[Dataset items]
——————
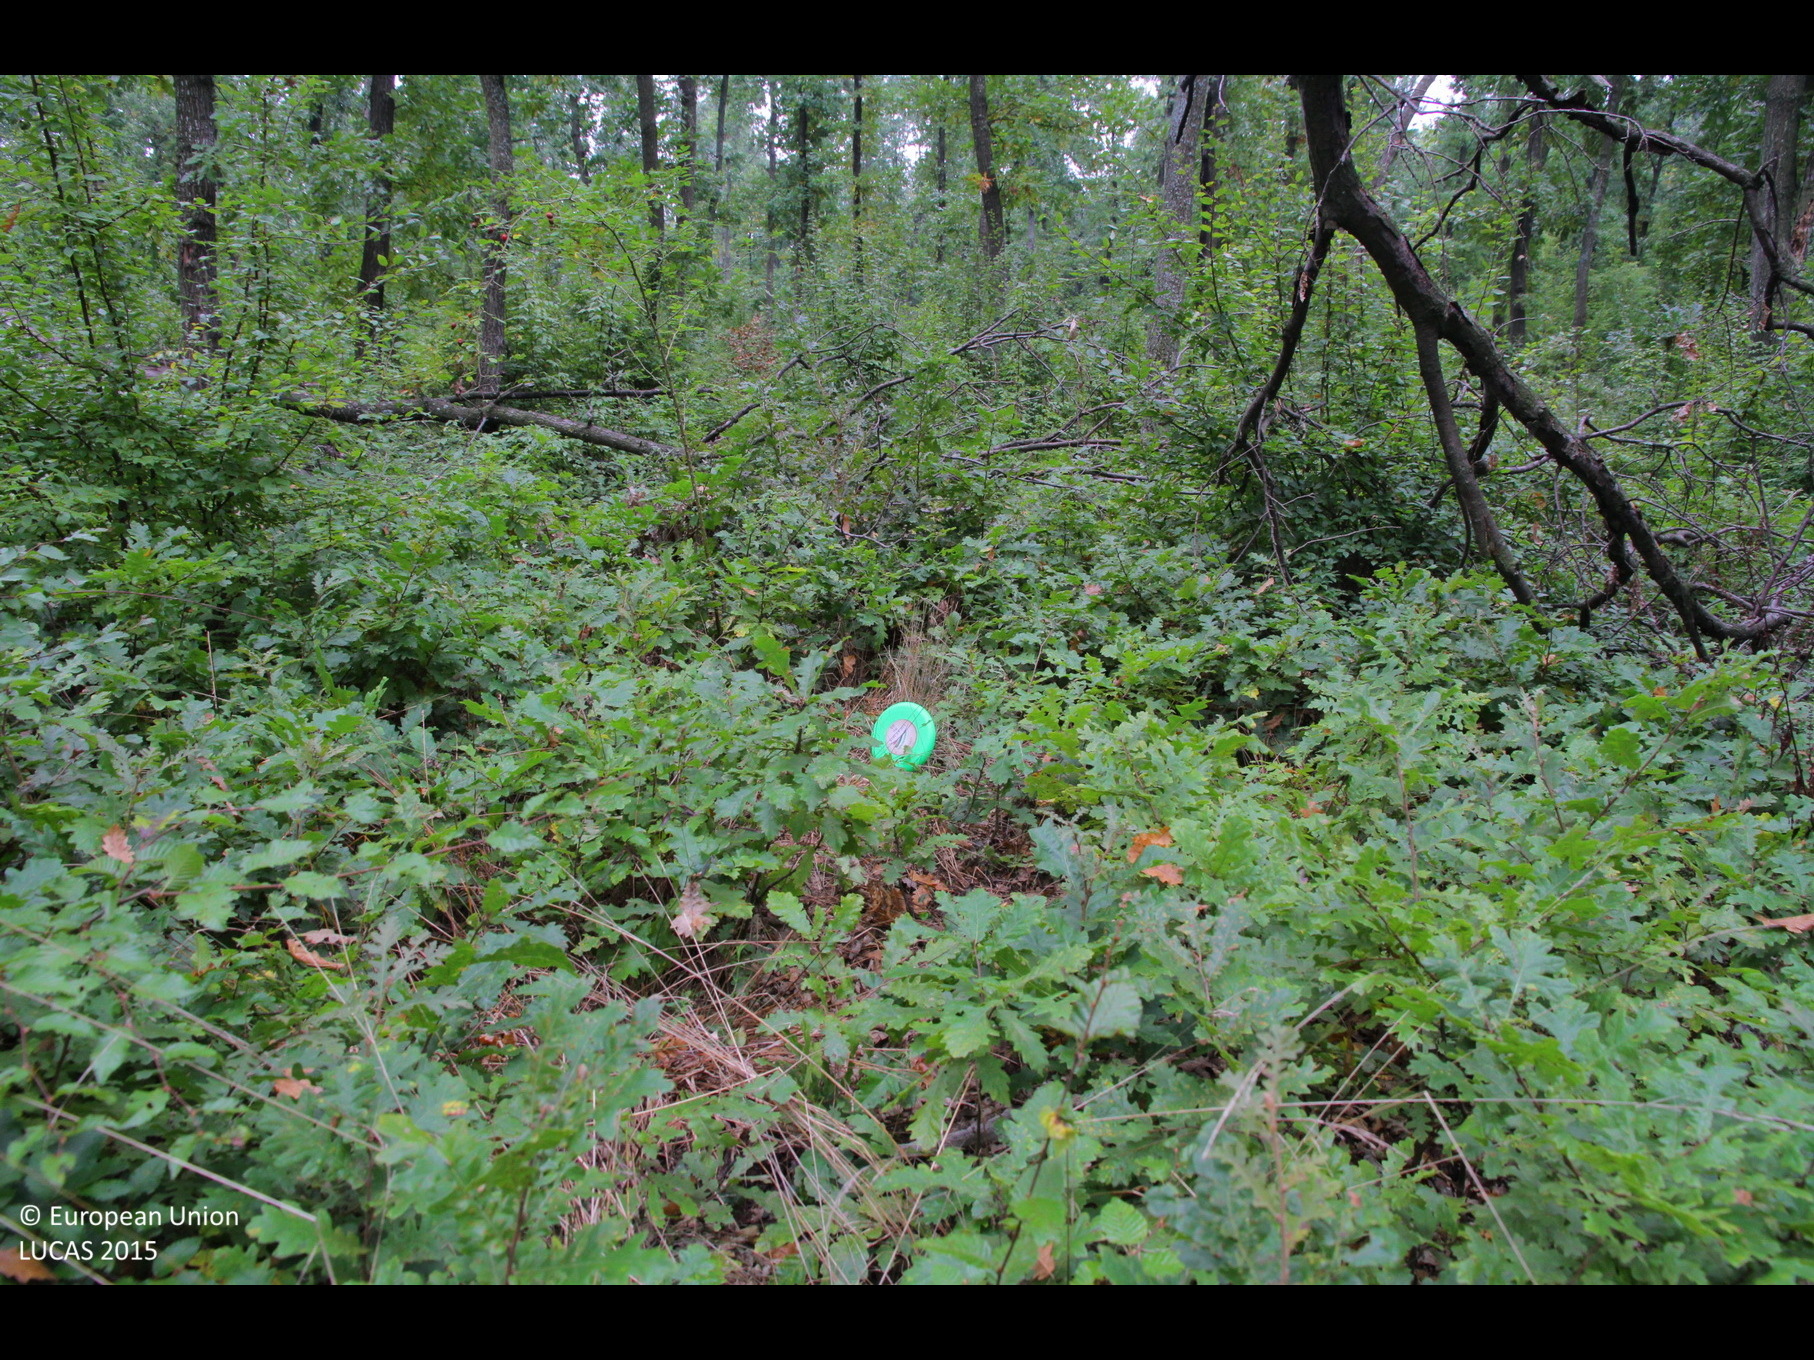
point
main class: Woodland
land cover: Broadleaved woodland
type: mesophytic deciduous forest
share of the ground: > 75 %
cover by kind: broadleaved forest trees 95 %, shrubs 5 %
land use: Forestry
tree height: > 5 m
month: October
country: BG
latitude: 43.5150
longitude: 27.0543
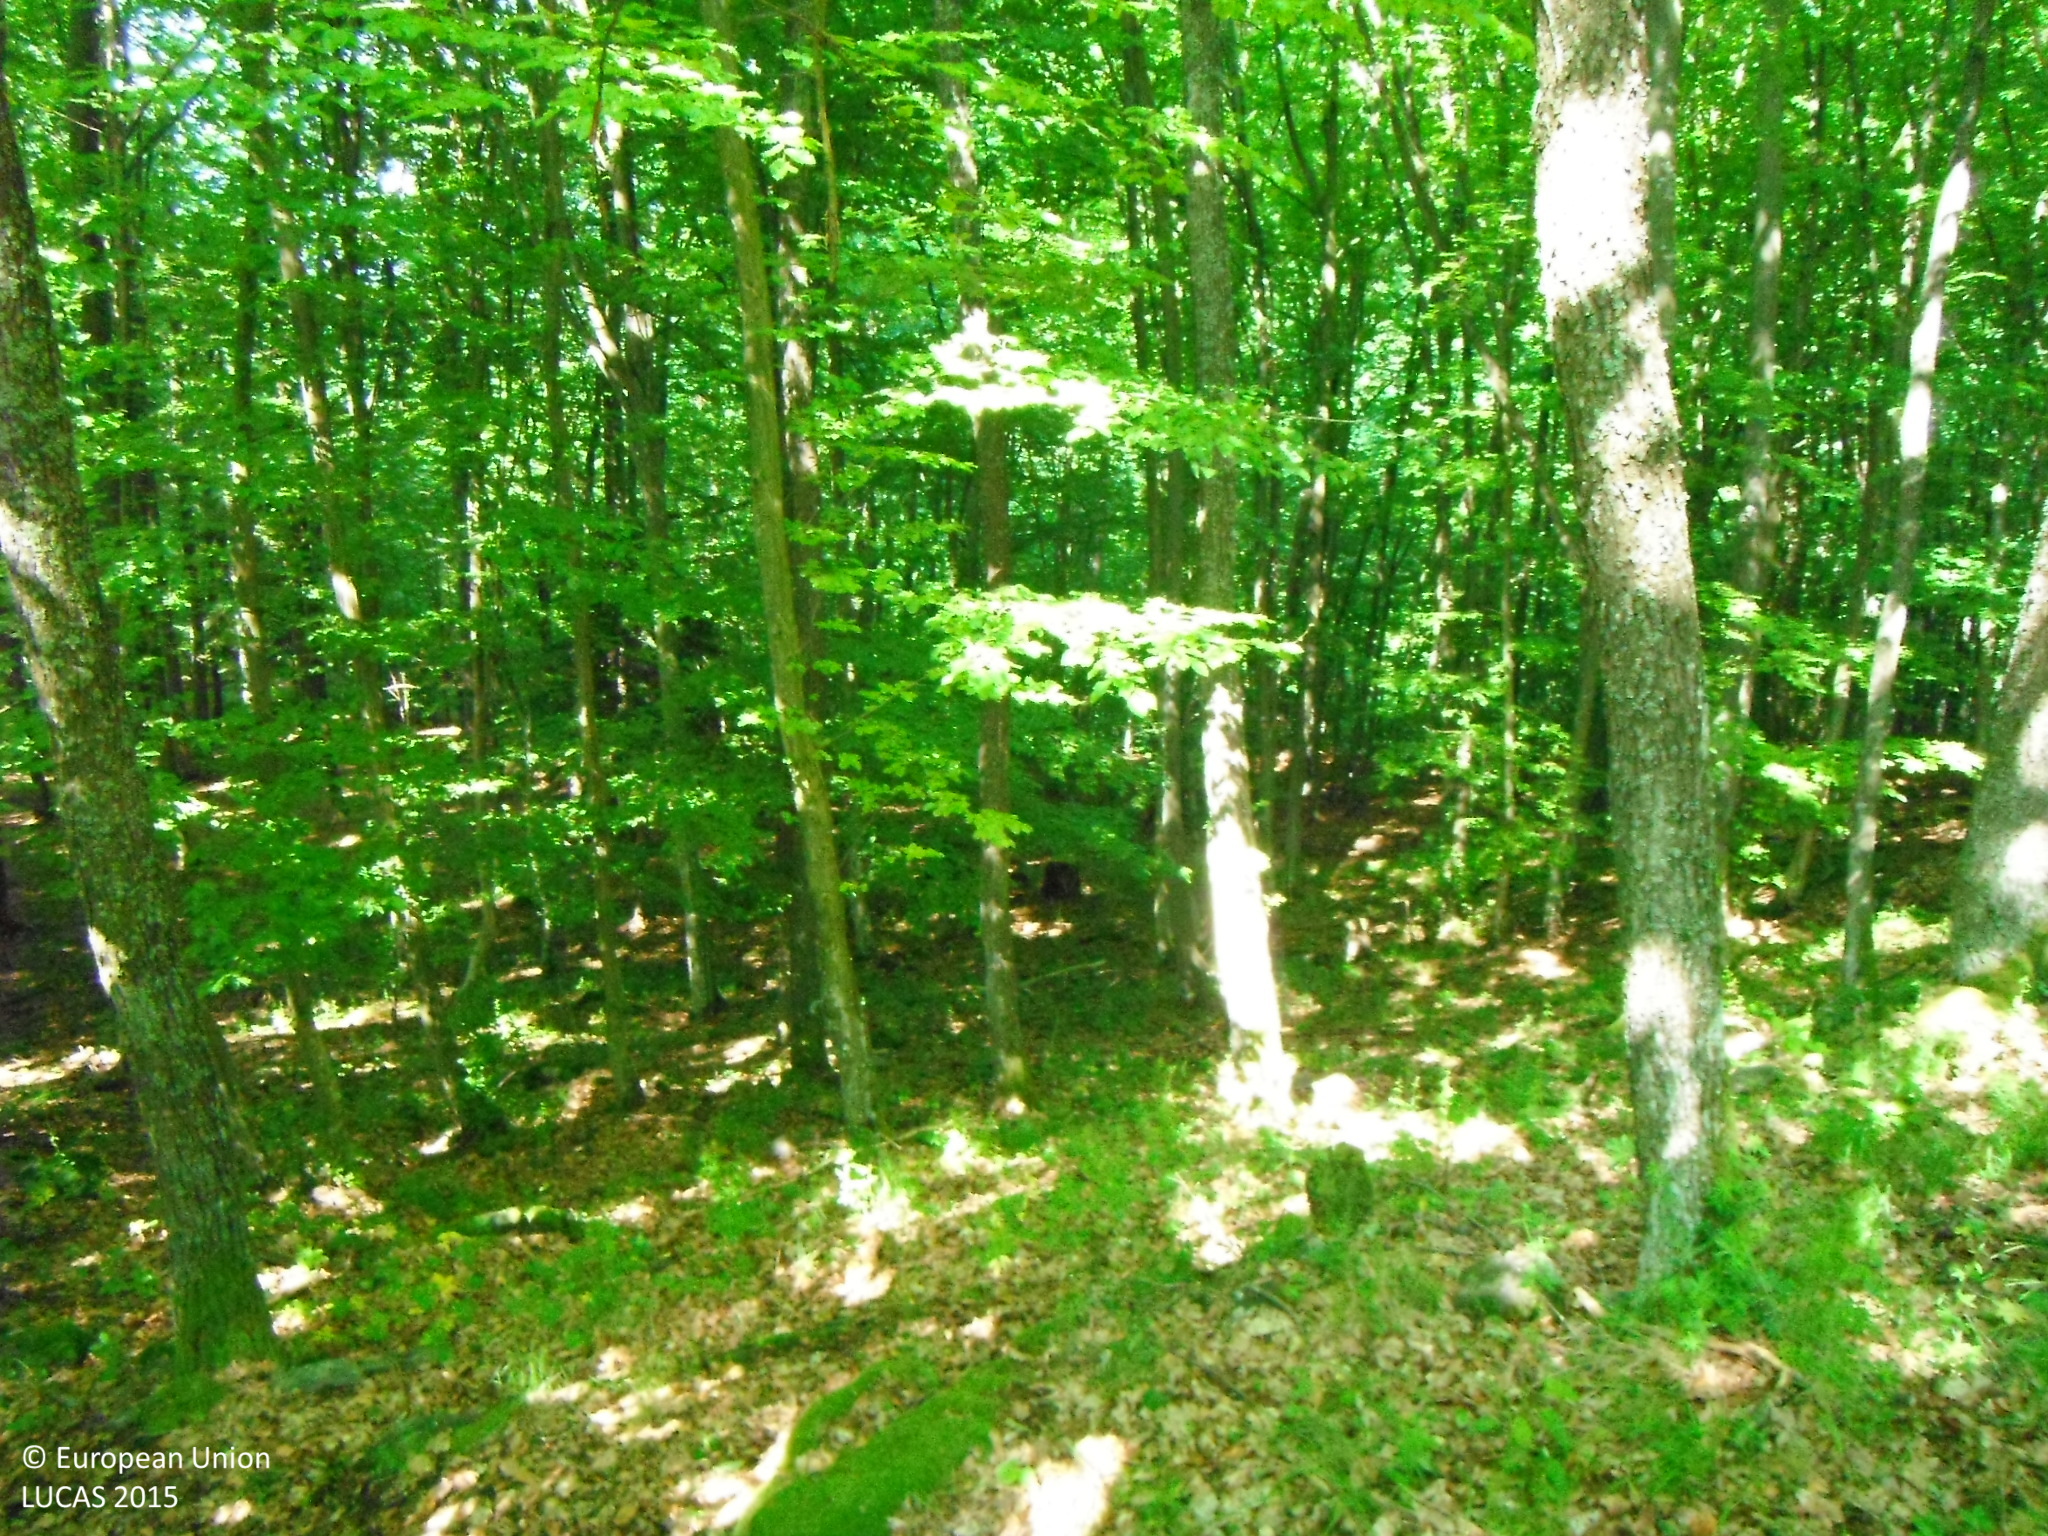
——————
**WHAT IS NEEDED**.
Write out the line that contains "land use: Forestry" and every line after it to the end of the data, exactly as they stand. Omit the pictures.

**ANSWER TO THIS TASK**.
land use: Forestry
tree height: > 5 m
month: October
country: BG
latitude: 43.5150
longitude: 27.0543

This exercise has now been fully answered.